Whatever had triggered her alarms, Sig hesitated, visibly debating whether to approach and talk to me. She didn’t hesitate for long, though—I got the impression that she rarely hesitated for long—and chose to go find herself a table.
Now, it was a Thursday night in April, and Rigby’s was not empty. Clayburg is host to a small private college named Stillwaters University, one of those places where parents pay more money than they should to get an education for children with mediocre high school records, and underachievers with upper-middle-class parents tend to do a lot of heavy drinking. This is why Rigby’s manages to stay in business. Small bars with farming implements on the walls don’t really draw huge college crowds, but the more popular bars tend to stay packed, and Rigby’s does attract an odd combination of local rednecks and students with a sense of irony. So when a striking six-foot blonde who wasn’t an obvious transvestite sat down in the middle of the bar, there were people around to notice.
Even Sandra, a nineteen-year-old waitress who considers customers an unwelcome distraction from covert texting, noticed the newcomer. She walked up to Sig promptly instead of making Renee, an older waitress and Rigby’s de facto manager, chide her into action.

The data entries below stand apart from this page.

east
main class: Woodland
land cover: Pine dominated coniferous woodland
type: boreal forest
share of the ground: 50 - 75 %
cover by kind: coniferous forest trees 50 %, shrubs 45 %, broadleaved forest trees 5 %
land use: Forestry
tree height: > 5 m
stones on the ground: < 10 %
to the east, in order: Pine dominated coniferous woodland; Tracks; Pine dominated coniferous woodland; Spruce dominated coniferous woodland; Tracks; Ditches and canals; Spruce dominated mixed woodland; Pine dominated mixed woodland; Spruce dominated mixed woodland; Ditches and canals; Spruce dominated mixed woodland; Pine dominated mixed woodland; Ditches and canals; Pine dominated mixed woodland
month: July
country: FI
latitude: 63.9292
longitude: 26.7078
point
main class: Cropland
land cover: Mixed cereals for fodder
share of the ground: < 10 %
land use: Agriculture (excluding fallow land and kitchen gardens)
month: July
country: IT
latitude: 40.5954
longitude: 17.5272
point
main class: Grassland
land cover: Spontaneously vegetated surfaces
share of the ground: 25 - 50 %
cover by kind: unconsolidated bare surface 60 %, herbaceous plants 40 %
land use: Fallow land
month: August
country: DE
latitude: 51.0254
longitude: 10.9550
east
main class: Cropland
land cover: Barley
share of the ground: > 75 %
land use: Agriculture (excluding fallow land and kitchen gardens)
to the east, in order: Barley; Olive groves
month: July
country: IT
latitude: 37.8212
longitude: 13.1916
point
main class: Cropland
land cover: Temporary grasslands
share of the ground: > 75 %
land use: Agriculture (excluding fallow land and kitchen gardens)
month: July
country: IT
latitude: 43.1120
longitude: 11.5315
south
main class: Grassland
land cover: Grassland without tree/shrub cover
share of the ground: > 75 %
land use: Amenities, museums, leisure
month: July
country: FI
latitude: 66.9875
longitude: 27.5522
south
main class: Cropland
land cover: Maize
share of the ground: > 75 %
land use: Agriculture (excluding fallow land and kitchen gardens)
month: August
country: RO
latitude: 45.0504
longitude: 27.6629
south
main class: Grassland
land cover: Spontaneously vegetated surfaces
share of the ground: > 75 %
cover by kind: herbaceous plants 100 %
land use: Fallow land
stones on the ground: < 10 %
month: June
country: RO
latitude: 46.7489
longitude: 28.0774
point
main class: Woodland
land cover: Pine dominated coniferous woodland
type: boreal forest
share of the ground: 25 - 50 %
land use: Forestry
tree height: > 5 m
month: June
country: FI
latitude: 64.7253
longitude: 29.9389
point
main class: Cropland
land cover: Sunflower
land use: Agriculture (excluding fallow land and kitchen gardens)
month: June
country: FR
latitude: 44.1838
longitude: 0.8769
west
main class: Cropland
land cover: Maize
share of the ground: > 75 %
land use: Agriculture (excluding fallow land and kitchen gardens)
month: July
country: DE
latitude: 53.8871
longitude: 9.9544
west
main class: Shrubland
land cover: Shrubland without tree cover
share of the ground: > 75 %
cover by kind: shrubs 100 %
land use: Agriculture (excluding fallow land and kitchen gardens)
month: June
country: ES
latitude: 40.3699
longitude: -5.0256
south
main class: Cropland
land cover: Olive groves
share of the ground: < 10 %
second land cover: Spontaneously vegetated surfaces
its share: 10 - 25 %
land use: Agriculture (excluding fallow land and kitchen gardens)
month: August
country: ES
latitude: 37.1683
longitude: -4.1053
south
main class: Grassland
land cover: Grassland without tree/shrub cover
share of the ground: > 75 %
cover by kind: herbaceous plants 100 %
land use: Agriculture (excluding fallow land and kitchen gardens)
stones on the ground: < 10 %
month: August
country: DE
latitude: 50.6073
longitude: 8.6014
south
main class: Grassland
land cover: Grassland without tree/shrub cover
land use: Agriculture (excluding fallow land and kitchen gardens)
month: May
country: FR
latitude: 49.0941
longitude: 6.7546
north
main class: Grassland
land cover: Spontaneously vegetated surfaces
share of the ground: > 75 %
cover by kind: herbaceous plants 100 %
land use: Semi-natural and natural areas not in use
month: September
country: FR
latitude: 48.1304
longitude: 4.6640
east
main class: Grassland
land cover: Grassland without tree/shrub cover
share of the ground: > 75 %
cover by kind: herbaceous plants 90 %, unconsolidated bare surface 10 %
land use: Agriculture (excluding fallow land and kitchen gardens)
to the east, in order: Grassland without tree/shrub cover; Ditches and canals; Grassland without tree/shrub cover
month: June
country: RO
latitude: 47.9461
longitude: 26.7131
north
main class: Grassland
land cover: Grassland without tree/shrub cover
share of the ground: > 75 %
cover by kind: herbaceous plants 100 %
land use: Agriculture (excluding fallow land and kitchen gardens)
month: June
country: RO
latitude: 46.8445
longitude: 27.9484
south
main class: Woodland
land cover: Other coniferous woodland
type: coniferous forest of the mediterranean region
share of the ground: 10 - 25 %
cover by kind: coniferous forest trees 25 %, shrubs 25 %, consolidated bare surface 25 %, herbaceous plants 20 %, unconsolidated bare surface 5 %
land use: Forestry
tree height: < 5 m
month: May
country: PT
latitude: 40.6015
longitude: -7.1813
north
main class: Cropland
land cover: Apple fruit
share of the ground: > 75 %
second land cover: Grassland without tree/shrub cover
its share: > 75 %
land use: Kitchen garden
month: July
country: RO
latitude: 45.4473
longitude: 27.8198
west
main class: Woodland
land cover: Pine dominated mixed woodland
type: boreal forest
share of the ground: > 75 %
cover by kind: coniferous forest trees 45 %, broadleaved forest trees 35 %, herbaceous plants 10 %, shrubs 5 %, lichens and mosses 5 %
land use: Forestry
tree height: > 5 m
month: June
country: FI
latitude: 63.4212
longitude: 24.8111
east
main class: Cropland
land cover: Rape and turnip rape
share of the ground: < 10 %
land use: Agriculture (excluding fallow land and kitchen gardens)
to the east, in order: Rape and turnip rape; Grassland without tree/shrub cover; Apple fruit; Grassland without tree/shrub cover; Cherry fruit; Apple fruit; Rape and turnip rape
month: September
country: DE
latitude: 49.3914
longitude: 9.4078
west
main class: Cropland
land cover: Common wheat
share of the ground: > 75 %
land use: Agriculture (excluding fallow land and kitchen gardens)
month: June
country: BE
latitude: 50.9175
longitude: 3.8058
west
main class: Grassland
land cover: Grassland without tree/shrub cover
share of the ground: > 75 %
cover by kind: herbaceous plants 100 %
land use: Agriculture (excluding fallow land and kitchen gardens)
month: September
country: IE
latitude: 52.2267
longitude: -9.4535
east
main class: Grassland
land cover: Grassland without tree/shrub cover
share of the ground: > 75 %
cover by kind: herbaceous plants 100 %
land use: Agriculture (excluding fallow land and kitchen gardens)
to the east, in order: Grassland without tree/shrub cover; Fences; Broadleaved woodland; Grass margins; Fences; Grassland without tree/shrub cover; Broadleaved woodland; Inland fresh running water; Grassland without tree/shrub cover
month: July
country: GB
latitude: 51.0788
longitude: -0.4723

For the next hour I pretended to ignore the new arrival while focusing on her intently. I listened in—my hearing is as well developed as my sense of smell—while several patrons tried to introduce themselves. Sig seemed to have a knack for knowing how to discourage each would-be player as fast as possible.
She told suitors that she wanted to be up-front about her sex change operation because she was tired of having it cause problems when her lovers found out later, or she told them that she liked only black men, or young men, or older men who made more than seventy thousand dollars a year. She told them that what really turned her on was men who were willing to have sex with other men while she watched. She mentioned one man’s wife by name, and when the weedy-looking grad student doing a John Lennon impersonation tried the sensitive-poet approach, she challenged him to an arm-wrestling contest. He stared at her, sitting there exuding athleticism, confidence, and health—three things he was noticeably lacking—and chose to be offended rather than take her up on it.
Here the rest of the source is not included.